I find there is a strong appetite for change and making program improvements. What I have seen a lot of, though, is organizations or senior managers of organizations waiting for someone else to change first. Leadership can mean making the necessary leap into the dark and act without the benefit of having experience.
And while change seems to (finally) be seen as inevitable, never underestimate an organization’s desire for self-preservation. Funding going down has been written on the wall just about everywhere this year. Instead of digging deep to have the internal conversation about making sure the programs being offered are the best to be offered across the community from the end users perspective, what I have seen time and again is agency posturing and preparation to keep on doing what they have always done, effectiveness be damned.
3. It ain’t a competition to see who ends homelessness first.
While competition may get people initially motivated, what I am increasingly seeing is people turned off by competition. Getting to zero chronically homeless people first in your community actually means nothing. Honest. And if we keep that mentality I can assure you there are not a bunch of communities saying “We’re number two! We’re number two!” They stop or they don’t care or there is no timeline at all.
The factors in each community (availability of vouchers, availability of housing stock, funding, experience and expertise of service providers, government context, leadership, etc.) are SO diverse that unless you factored each one into the equation competing in the first place is pointless.
What we need is a common, structured narrative that keeps us collectively focused around the world on effective strategies that are proven to ending homelessness.
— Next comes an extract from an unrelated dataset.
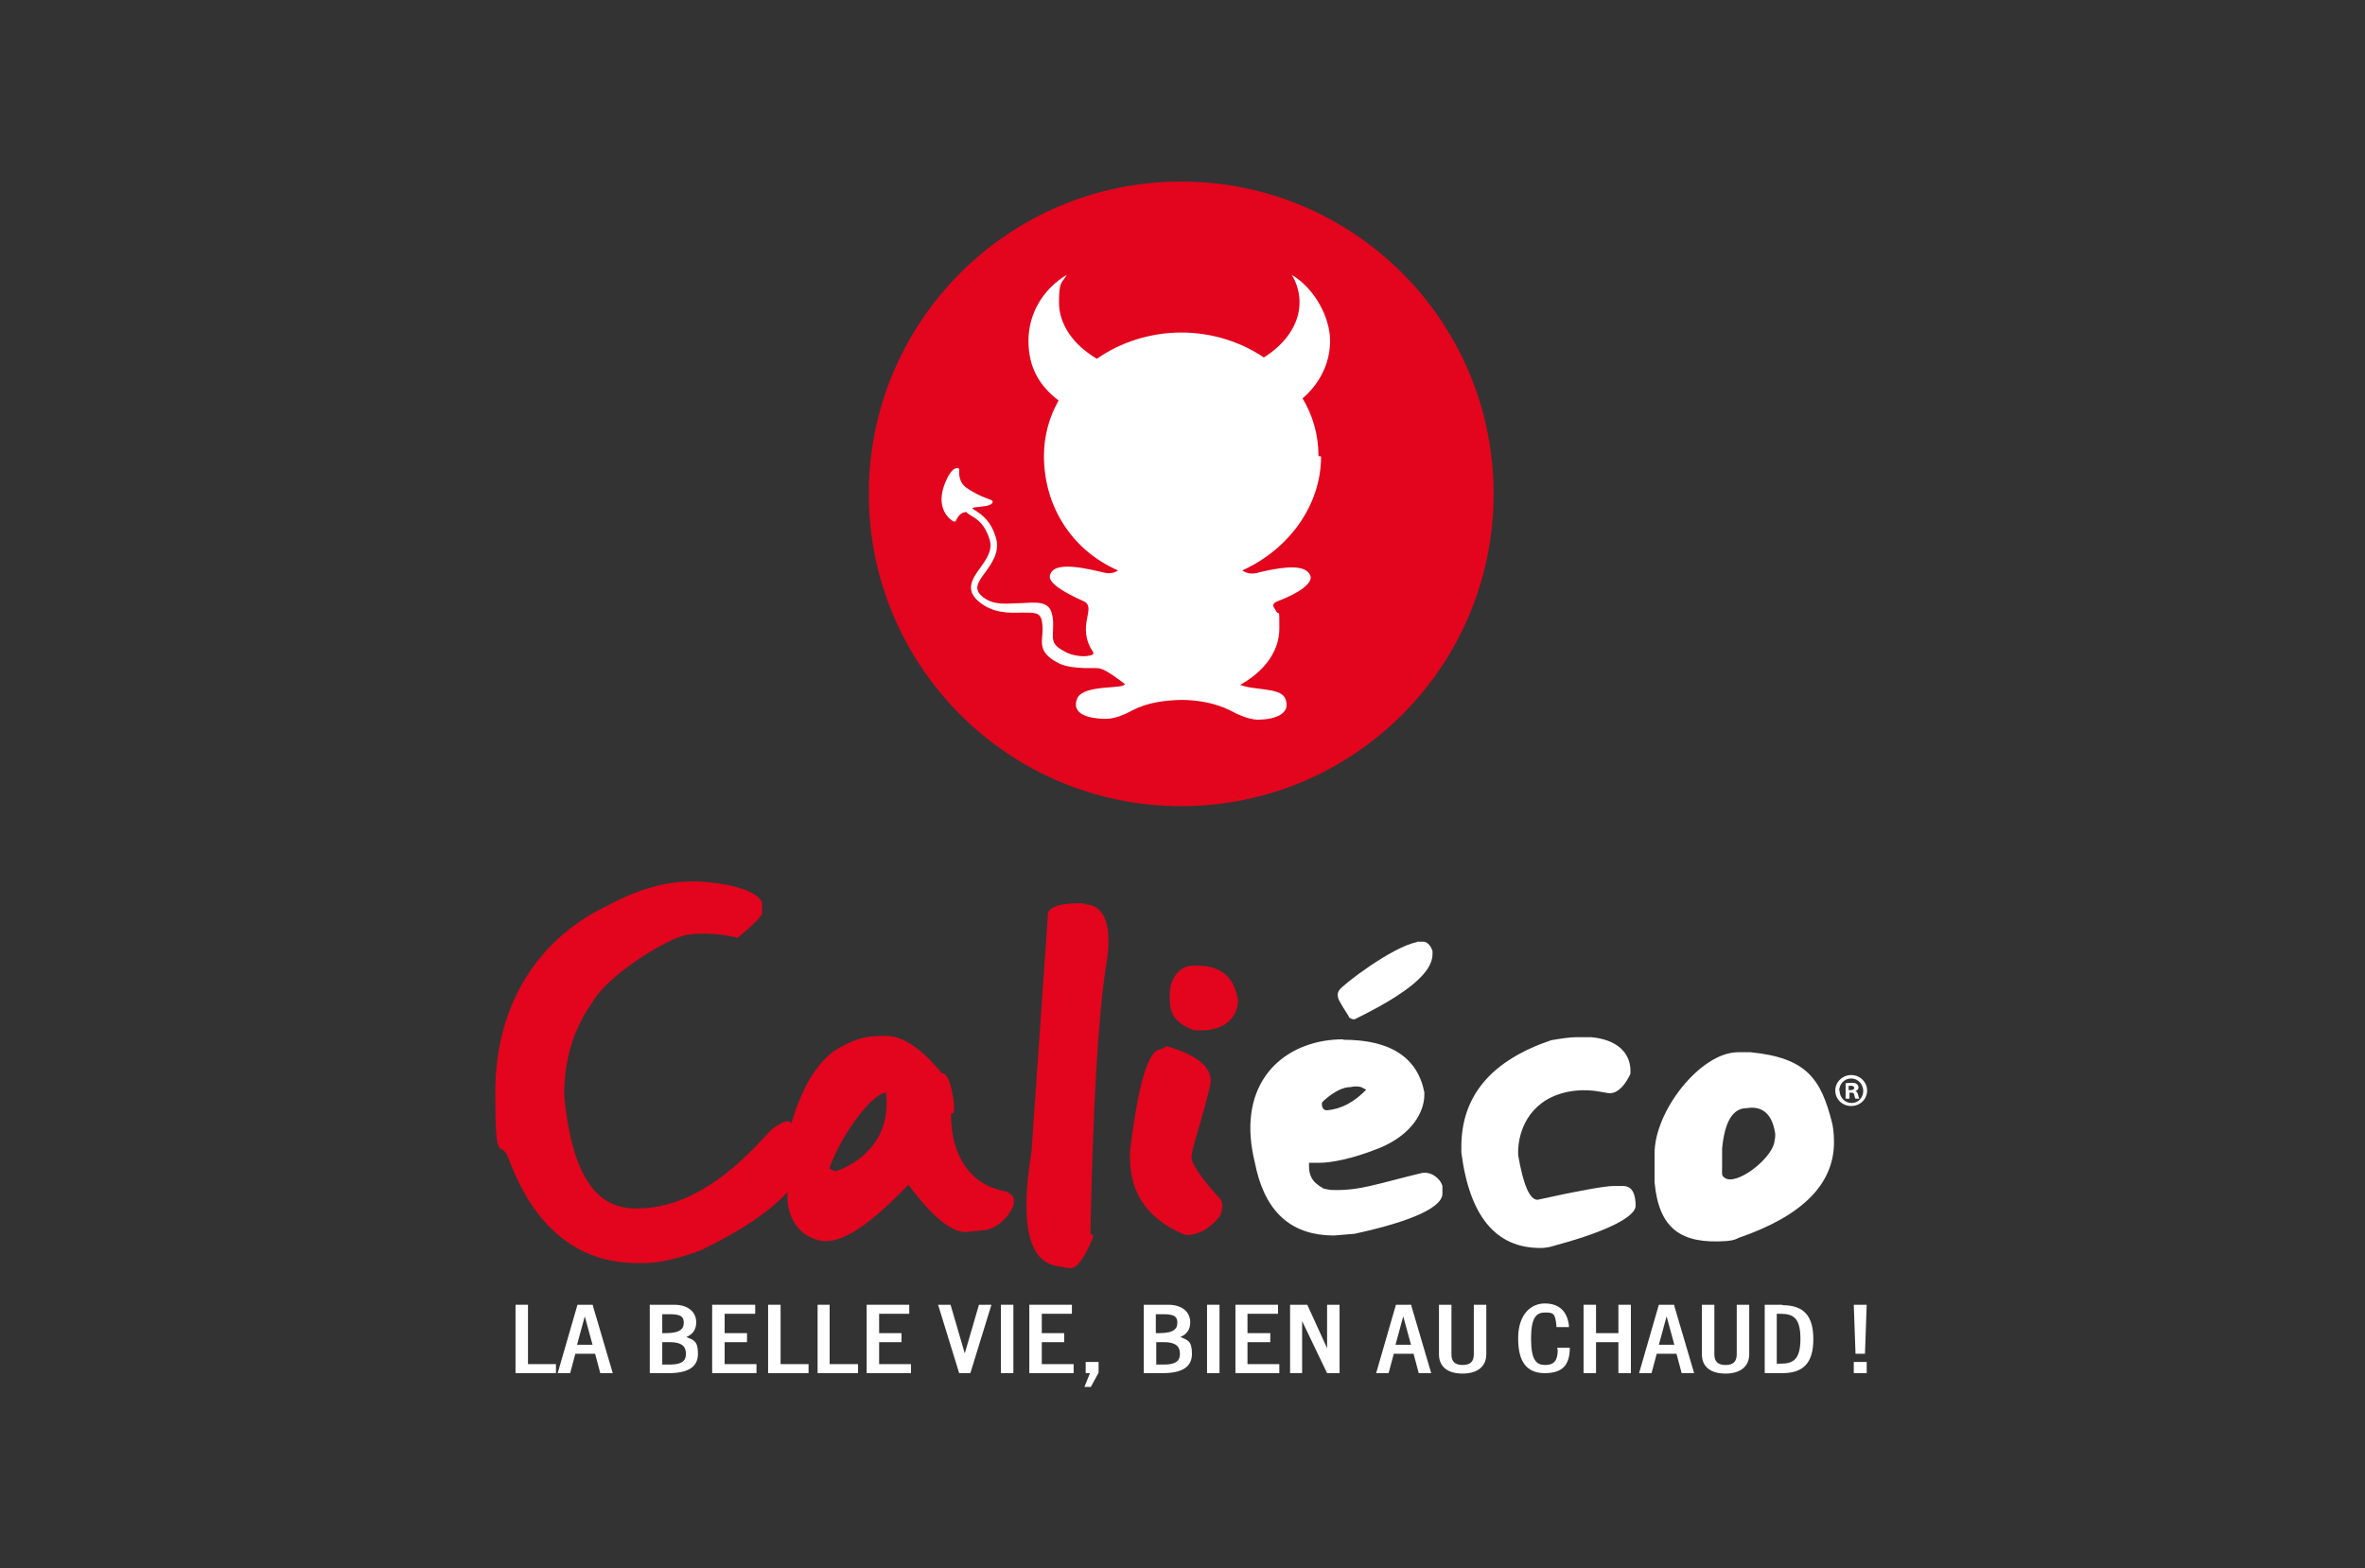 <svg xmlns="http://www.w3.org/2000/svg" id="Calque_1" viewBox="0 0 549.6 364.5"><rect x="0" y="0" width="549.6" height="364.5" fill="#333333" stroke="none"/><defs><style>      .st0 {        fill: #fff;      }      .st1 {        display: none;        fill: #02184c;      }      .st2 {        fill: #e2051d;      }    </style></defs><rect class="st1" x="-30" y="-44" width="651" height="493"></rect><g><g><path class="st2" d="M233.4,276.9c-7.7-1.5-12.4-7.9-12.4-18,.5,0,.7-.2.7-.7v-1.5c-.6-4.8-1.5-7.2-2.8-7.2-4.8-5.8-9.1-8.7-13-8.7s-6.8.2-12.2,3.6c-4.2,3.2-7.5,8.8-9.8,16.8,0,0-.3-1.2-2.5,0-2.2,1.2-2.9,2.2-2.9,2.2-11.1,12.5-21.1,17.5-30.2,17.5h-.7c-9.2,0-14.7-7.9-16.5-26.2,0-8.4,2.2-15.6,6.5-21.6,3.4-6.4,18.2-15.5,22.3-15.8,0,0,2.5-.6,7.9,0,1.6.2,3.6.7,3.6.7,3.8-3.1,5.7-5.1,5.7-5.7v-2.2c0-1.7-4-4.2-12.2-5-4.3-.4-12.1-.9-23.9,5.5-17.9,8.7-25.9,25.2-25.9,43.3s1.2,10.6,3,15.2c1.8,4.6,8.7,24.3,29.5,24.5h2.2c3.4,0,7.7-1,12.9-2.9,9.4-4.5,16.1-9,20.3-13.6v1.1c0,4,1.9,8.7,7.2,10.1,5.4,1.4,12.6-4.3,20.9-12.9,5,6.7,9.6,11,13.3,11l4.8-.5c4.4-1,6.4-5.5,6.4-6.1v-.7c0-.4,0-1.4-2-2.2M194.1,272.3l-1.4-.7c3.4-9.1,10.4-17.6,13.2-17.6,1.3,11.3-6.6,16.6-11.8,18.3"></path><path class="st2" d="M252.1,210.2c4.9.2,6.4,5.4,5,13.9-1.8,11.1-3.1,32-3.7,62.8.5,0,.7.3.6.8-2.1,5-3.9,7.4-5.5,7.1l-2.9-.5c-6.6-1.1-8.6-9.9-5.9-26.5l3.8-54.8v-.7c.4-1.5,3.1-2.5,8.5-2.3"></path><path class="st2" d="M271.1,243.2c6.7,1.9,11.2,4.9,10.1,9.3-2.1,8.7-4.3,14.5-4.3,16.6s5,7.9,6.5,9.4,0,4.3,0,4.3c-2.3,2.9-4.9,4.3-7.9,4.3-8.6-3.5-12.9-9.5-12.9-18v-1.4c1.9-15.9,4.3-23.8,7.2-23.8l1.4-.7h0ZM276.9,224.5c5.1-.3,9.3,1.2,10.6,7l.2.9c0,4.2-3.2,7.4-9.4,7.1h-.8c-5.4-2-5.9-4.8-5.6-9.3,0-1.3,1.3-5.5,5-5.7"></path></g><g><path class="st0" d="M312.2,241.7c10.9,0,17.2,4.1,18.8,12.2v.6c0,4-2.9,9.3-10.5,12.4-6.5,2.6-11.4,3.4-13.8,3.4h-2.5v.6c0,2.2.5,3.8,3.4,5.4l1.5.3c6.7.3,10.4-1.3,21.2-3.9,2.2-.5,4.4,1.2,4.9,3v1.7c.1,3.1-6.6,6.4-20.4,9.4l-4.8.4c-9.4,0-15.5-4.9-18-15.2-.6-2.6-1-4.4-1.2-6.1-2-16.2,9.1-24.3,21.3-24.3M307.8,255.7l-.6.6v.6c.1.8.5,1.2,1.2,1.2,3.3-.3,6.3-1.9,9.1-4.8l-1.2-.6c-.8-.2-1.6-.2-2.4,0-1.8,0-3.8,1-6.1,3M329.3,218.9h1.4c1.6,0,2.2,2.2,2.2,2.2v.7c0,4.3-5.8,9.1-18,15.1-.3.2-1.5-.2-1.5-.7,0,0-2.2-3.4-2.4-4.1-.2-.8-.2-1.3.2-1.9.7-1.2,12.3-10.1,18.1-11.2"></path><path class="st0" d="M366.5,241.1h3.2c6,.5,9.2,3.6,9.2,7.8v.7s-2.1,5-5.2,4.5c-.9-.1-3.7-.9-7.2-.6-9,.8-13.3,6.9-13.7,13.7,0,.4,0,.8,0,1.3,1.2,7,2.7,10.4,4.5,10.4,9.9-2.2,15.8-3.2,17.6-3.2h2.3c2.3,0,2.9,2.2,2.9,4.6s-6.1,5.8-18.3,9.1c-1.1.3-2,.7-3.9.7-10.3,0-16.4-7.4-18.3-22.2v-1.3c0-11.9,7-20.1,20.9-24.8,2.4-.4,4.3-.7,5.9-.7"></path><path class="st0" d="M403.9,244.6h2.9c13.1,1.3,16.4,6.2,19,16.6.1.5.4,1.9.4,4.3,0,9.8-7.4,17.2-22.3,22.3-.8.5-1.8.6-2.8.7-10.4.7-15.6-2.8-16.6-13.7,0,0,0-1.7,0-6.5-.1-10,10.7-23.7,19.4-23.7M400.2,266.9v4.5c0,1.6-.2,1.8.6,2.4,2.7,1.9,10.6-4.2,11.5-8.1.4-1.8.2-2.4.2-2.4-.7-4.3-2.9-6.3-6.6-5.7-3.2,0-5.1,3.1-5.7,9.4"></path><polygon class="st0" points="122.7 303.3 119.8 303.3 119.8 319.2 129.2 319.2 129.2 317.1 122.7 317.1 122.7 303.3"></polygon><path class="st0" d="M137.7,303.3h-3.5l-4.6,15.9h2.9l1.2-4.5h4.6l1.2,4.5h2.9l-4.6-15.6v-.2c0,0,0,0,0,0ZM137.7,312.6h-3.6l1.8-6.6,1.8,6.6h0Z"></path><path class="st0" d="M159.5,310.8c1.5-.6,2.3-1.8,2.3-3.4,0-2.5-2-4.1-5.1-4.1h-5.7v15.9h4.4c4.6,0,6.8-1.5,6.8-4.5s-1-3.2-2.7-3.9M154.8,309.9h-.9v-4.4h1.8c2.7,0,3.2.7,3.2,2s-.7,2.4-4.2,2.4M155.7,317.2h-1.8v-5.2h1.8c3.3,0,3.7,1.5,3.7,2.7s-.4,2.5-3.7,2.5"></path><polygon class="st0" points="168.4 312 173.6 312 173.6 309.9 168.4 309.9 168.4 305.4 175.5 305.4 175.5 303.3 165.5 303.3 165.5 319.2 175.8 319.2 175.8 317.1 168.4 317.1 168.4 312"></polygon><polygon class="st0" points="181.4 303.3 178.5 303.3 178.5 319.2 187.9 319.2 187.9 317.1 181.4 317.1 181.4 303.3"></polygon><polygon class="st0" points="192.8 303.3 190 303.3 190 319.2 199.4 319.2 199.4 317.1 192.8 317.1 192.8 303.3"></polygon><polygon class="st0" points="204.3 312 209.5 312 209.5 309.9 204.3 309.9 204.3 305.4 211.3 305.4 211.3 303.3 201.4 303.3 201.4 319.2 211.7 319.2 211.7 317.1 204.3 317.1 204.3 312"></polygon><polygon class="st0" points="224.2 314.6 220.9 303.3 218 303.3 222.9 319.2 225.5 319.2 230.4 303.3 227.5 303.3 224.2 314.6"></polygon><rect class="st0" x="232.6" y="303.3" width="2.9" height="15.9"></rect><polygon class="st0" points="242.1 312 247.3 312 247.3 309.9 242.1 309.9 242.1 305.4 249.1 305.4 249.1 303.3 239.2 303.3 239.2 319.2 249.5 319.2 249.5 317.1 242.1 317.1 242.1 312"></polygon><polygon class="st0" points="252.3 319.2 253.3 319.2 252 322.4 253.5 322.4 255.3 319.1 255.3 316.6 252.3 316.6 252.3 319.2"></polygon><path class="st0" d="M274.3,310.8c1.5-.6,2.3-1.8,2.3-3.4,0-2.5-2-4.1-5.1-4.1h-5.7v15.9h4.4c4.6,0,6.8-1.5,6.8-4.5s-1-3.2-2.7-3.9M269.5,309.9h-.9v-4.4h1.8c2.7,0,3.2.7,3.2,2s-.7,2.4-4.2,2.4M270.5,317.2h-1.8v-5.2h1.8c3.3,0,3.7,1.5,3.7,2.7s-.4,2.5-3.7,2.5"></path><rect class="st0" x="280.5" y="303.3" width="2.9" height="15.9"></rect><polygon class="st0" points="289.9 312 295.2 312 295.2 309.9 289.9 309.9 289.9 305.4 297 305.4 297 303.3 287.1 303.3 287.1 319.2 297.3 319.2 297.3 317.1 289.9 317.1 289.9 312"></polygon><polygon class="st0" points="308.4 313.4 303.8 303.3 299.8 303.3 299.8 319.2 302.6 319.2 302.6 307.1 308.4 319.2 311.3 319.2 311.3 303.3 308.4 303.3 308.4 313.4"></polygon><path class="st0" d="M327.9,303.3h-3.5l-4.6,15.9h2.9l1.2-4.5h4.6l1.2,4.5h2.9l-4.6-15.6v-.2c0,0,0,0,0,0ZM327.9,312.6h-3.6l1.8-6.6,1.8,6.6h0Z"></path><path class="st0" d="M342.5,314.8c0,1.7-.8,2.5-2.6,2.5s-2.6-.8-2.6-2.5v-11.5h-2.9v11.5c0,2.9,2,4.5,5.5,4.5s5.5-1.7,5.5-4.5v-11.5h-2.9v11.5h0Z"></path><path class="st0" d="M362,313.8c0,2.5-.9,3.5-2.9,3.5s-3.3-1-3.3-6.1,1.3-6.1,3.3-6.1,2.3.3,2.6,3.1v.3h2.9v-.4c-.4-3.3-2.3-5.1-5.6-5.1s-6.2,2.6-6.2,8.1,2,8.1,6.2,8.1,5.7-2,5.8-5.6v-.3h-2.9v.3h0Z"></path><polygon class="st0" points="376.1 309.9 370.9 309.9 370.9 303.3 368 303.3 368 319.2 370.9 319.2 370.9 312 376.1 312 376.1 319.2 379 319.2 379 303.3 376.1 303.3 376.1 309.9"></polygon><path class="st0" d="M389,303.3h-3.5l-4.6,15.9h2.9l1.2-4.5h4.6l1.2,4.5h2.9l-4.6-15.6v-.2c0,0,0,0,0,0ZM389.1,312.6h-3.6l1.8-6.6,1.8,6.6h0Z"></path><path class="st0" d="M403.6,314.8c0,1.7-.8,2.5-2.6,2.5s-2.6-.8-2.6-2.5v-11.5h-2.9v11.5c0,2.9,2,4.5,5.5,4.5s5.5-1.7,5.5-4.5v-11.5h-2.9v11.5h0Z"></path><path class="st0" d="M414.2,303.3h-4.1v15.9h4.1c5,0,7.2-2.5,7.2-7.9s-2.2-7.9-7.2-7.9M412.9,305.4h.8c3,0,4.7.9,4.7,5.8s-1.7,5.8-4.7,5.8h-.8v-11.7h0Z"></path><rect class="st0" x="430.8" y="316.6" width="3" height="2.6"></rect><polygon class="st0" points="433.4 314.7 433.8 303.3 430.8 303.3 431.2 314.7 433.4 314.7"></polygon><path class="st0" d="M433.9,253.5c0,2-1.6,3.6-3.7,3.6s-3.7-1.6-3.7-3.6,1.7-3.6,3.7-3.6,3.7,1.6,3.7,3.6M427.5,253.5c0,1.6,1.2,2.9,2.8,2.9s2.7-1.3,2.7-2.8-1.2-2.9-2.8-2.9-2.8,1.3-2.8,2.9M429.7,255.4h-.8v-3.6c.3,0,.8-.1,1.4-.1s1,.1,1.2.3c.2.2.4.4.4.8s-.3.7-.7.8h0c.3.2.5.4.6.9.1.5.2.7.3.9h-.9c-.1-.1-.2-.4-.3-.9,0-.4-.3-.5-.7-.5h-.4v1.4h0ZM429.7,253.4h.4c.5,0,.8-.2.8-.5s-.2-.5-.8-.5-.4,0-.5,0v1h0Z"></path></g><g><path class="st2" d="M347.1,114.8c0,40.1-32.5,72.6-72.6,72.6s-72.6-32.5-72.6-72.6,32.5-72.6,72.6-72.6,72.6,32.5,72.6,72.6"></path><path class="st0" d="M306.4,106c0-4.9-1.3-9.4-3.7-13.4,3.9-3.3,6.4-8.1,6.4-13.4s-3.5-12.1-8.9-15.3c1.2,2,1.8,4.1,1.8,6.4,0,5-3.2,9.6-8.3,12.8-5.3-3.6-12-5.8-19.2-5.8s-14.2,2.3-19.6,6.1c-5.4-3.2-8.8-7.9-8.8-13.1s.7-4.4,1.8-6.4c-5.4,3.2-8.9,8.9-8.9,15.3s2.7,10.6,7,13.9c-2.2,3.9-3.4,8.3-3.4,12.9,0,11.5,6.3,21.8,17.2,26.6-1.7,1.2-3.5.4-4.1.3-5.9-1.4-11-2-11.7.8-.5,1.7,2.8,3.8,7.7,6,3.5,1.5-1.9,5.7,2.4,12,0,.5-.2.6-1.5.8s-3.6-.2-4.9-.9c-3.2-1.6-3.1-2.7-3-4.8,0-1.2.2-2.6-.3-4.3-.8-3-4.2-2.4-7-2.3-2.8,0-6.5.8-9.2-1.6-1.9-1.7-1.1-3.1.8-5.6,1.5-2.1,3.3-4.6,2.5-7.8-1.2-4.2-3.3-5.5-4.8-6.5-.3-.2-.6-.4-.8-.6.9-.3,1.7-.2,2.6-.4.6,0,2.6-.4,2.1-1.3-.2-.3-2.4-.7-5.4-2.6-1.1-.7-2-1.4-2.3-3.4,0-.5,0-1.1,0-1.3s-.3-.4-.6-.3c-1.1.2-1.9,1.8-2.2,2.4-2.4,4.9-1,7.8.5,9.3.9.8,1.3.9,1.5.6.9-1.8,1.5-1.9,2.4-2.1.4.4.9.7,1.4,1,1.3.8,3,1.9,4.1,5.5.7,2.5-.8,4.5-2.2,6.5-1.7,2.3-3.6,5-.5,7.7,3.3,2.9,7.2,2.8,10.1,2.7,3.1,0,4.1,0,4.6,1.5.4,1.5.3,2.8.2,3.9-.2,2.3-.3,4.3,3.9,6.4,1.6.8,3.8,1,5.9,1.1,1.2,0,1.5,0,2.9,0s3.1,1.3,4.2,2c.3.3.7.5,1.1.8.4.3.8.6,1.2.9-.2,1.3-9.2,0-11,3.2-1.8,4,3.1,4.9,6.6,4.9,2.4,0,4.9-1.3,6.2-2,3.5-1.8,7.3-2.3,11.3-2.4,3.8,0,7.8.7,11.3,2.4,1.3.7,4,2.1,6.4,2.2,3.5,0,8.2-1.1,6.4-5.1-1.3-2.4-7.2-1.7-10.4-3,5.4-3,9.1-7.6,9.1-13.1s0-2.5-.9-4.3c-.5-.8-1-1.4.4-2,5.1-1.9,8.4-4.3,7.7-6-1-2.6-5.8-2.2-11.7-.8-.6.2-2.3.7-3.8-.2-.1,0-.2-.1-.3-.2,10.8-4.9,18.3-15.1,18.3-26.5"></path></g></g></svg>

We need to get into a mindset of sharing this information willingly. It doesn’t matter who is first – it matters more who is last and how long it takes to collectively get there.
4. We need to focus more on keeping people housed and changing people’s lives, not just getting them housed.
I have learned that too many communities are focused on getting people housed quickly and burning up a lot of resources to do so without investing in the back-end to actually keep people housed. It is very limiting to set into motion a local race to get people housed quickly if: a) you aren’t housing the people that most need it; and, b) there are not the supports necessary to keep people housed.
The measure of success is NOT how many people you house. It is how many people stay housed and have her/his life changed positively through the experience. Ours is NOT a quantity industry; it is a quality industry.
Let us be clear: getting people housed is an output; keeping people housed is an outcome.
And for everyone that is interested in the cost saving part of ending homelessness, it comes from keeping people housed and away from those more costly services on an ONGOING basis. We are not talking about temporary reprieves in service use patterns. We are talking about everlasting CHANGE.
Most often because we are talking about working with a population with complex and co-occurring needs, this means working with a small group intensely, not a large group peripherally.
5. Assessments work…when they are grounded in evidence.
It is entirely possible to structure your service community around a common assessment. I have seen that happen many times this year, and I have seen incredible changes in service delivery when that happens. I have seen communities start to use the data from the assessments to change conversations around service planning and investments in service delivery.
And I have also seen communities that insist on using a tool they made up that has no evidence base to support it. A couple communities that come to mind are ones that brag about being close to ending homelessness. But let’s be clear: while they may be about to house all the people that meet a federal definition of chronic homelessness, that does not mean – or come close to meaning – that all people with acute needs have been housed in their community. Nor does it mean that the people most in need of support and housing resources are in their support and housing programs.
This year has taught me, through data collected in assessments, that many of the most acute homeless people in communities do NOT meet a federal criteria for chronic homelessness.